Fewer people are attending cultural events says new analysis by the National Endowment for the Arts.
Miller-McClune reports:
Omnivores — defined by sociologists as people who regularly participate in a broad range of cultural activities — represent a small minority of the population, but a large portion of the arts audience. In a new analysis recently released by the National Endowment for the Arts, author Mark J. Stern concludes that this engaged, energetic group is both shrinking in size and becoming less active.
Stern, a professor of social policy and practice at the University of Pennsylvania, describes this trend as “a double blow” to the nation’s arts organizations. In Age and Arts Participation: A Case Against Demographic Destiny, he argues the largely unexplained diminution of this group is a key reason attendance at arts events continues to dwindle.
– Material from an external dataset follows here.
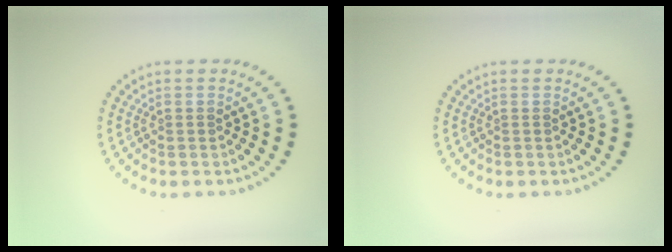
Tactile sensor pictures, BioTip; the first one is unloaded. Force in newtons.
{"total": 0.0}

Stern notes that, in recent decades, there has been “a precipitous decline in attendance” at art museums, plays, operas, dance performances, and concerts of both jazz and classical music. According to NEA statistics, classical music attendance has declined at a 29 percent rate since 1982, with the steepest drop occurring form 2002 to 2008….
I’d hazard the guess that the omnivores spurred the survival of the arts not only in their attendance, but also in their working behind the scenes to support the arts.
Are you experiencing anything like this in terms of attendance in your church, that is, the “engaged, energetic group is both shrinking in size and becoming less active”? I sense such a pattern in churches, but perhaps it has always felt like that.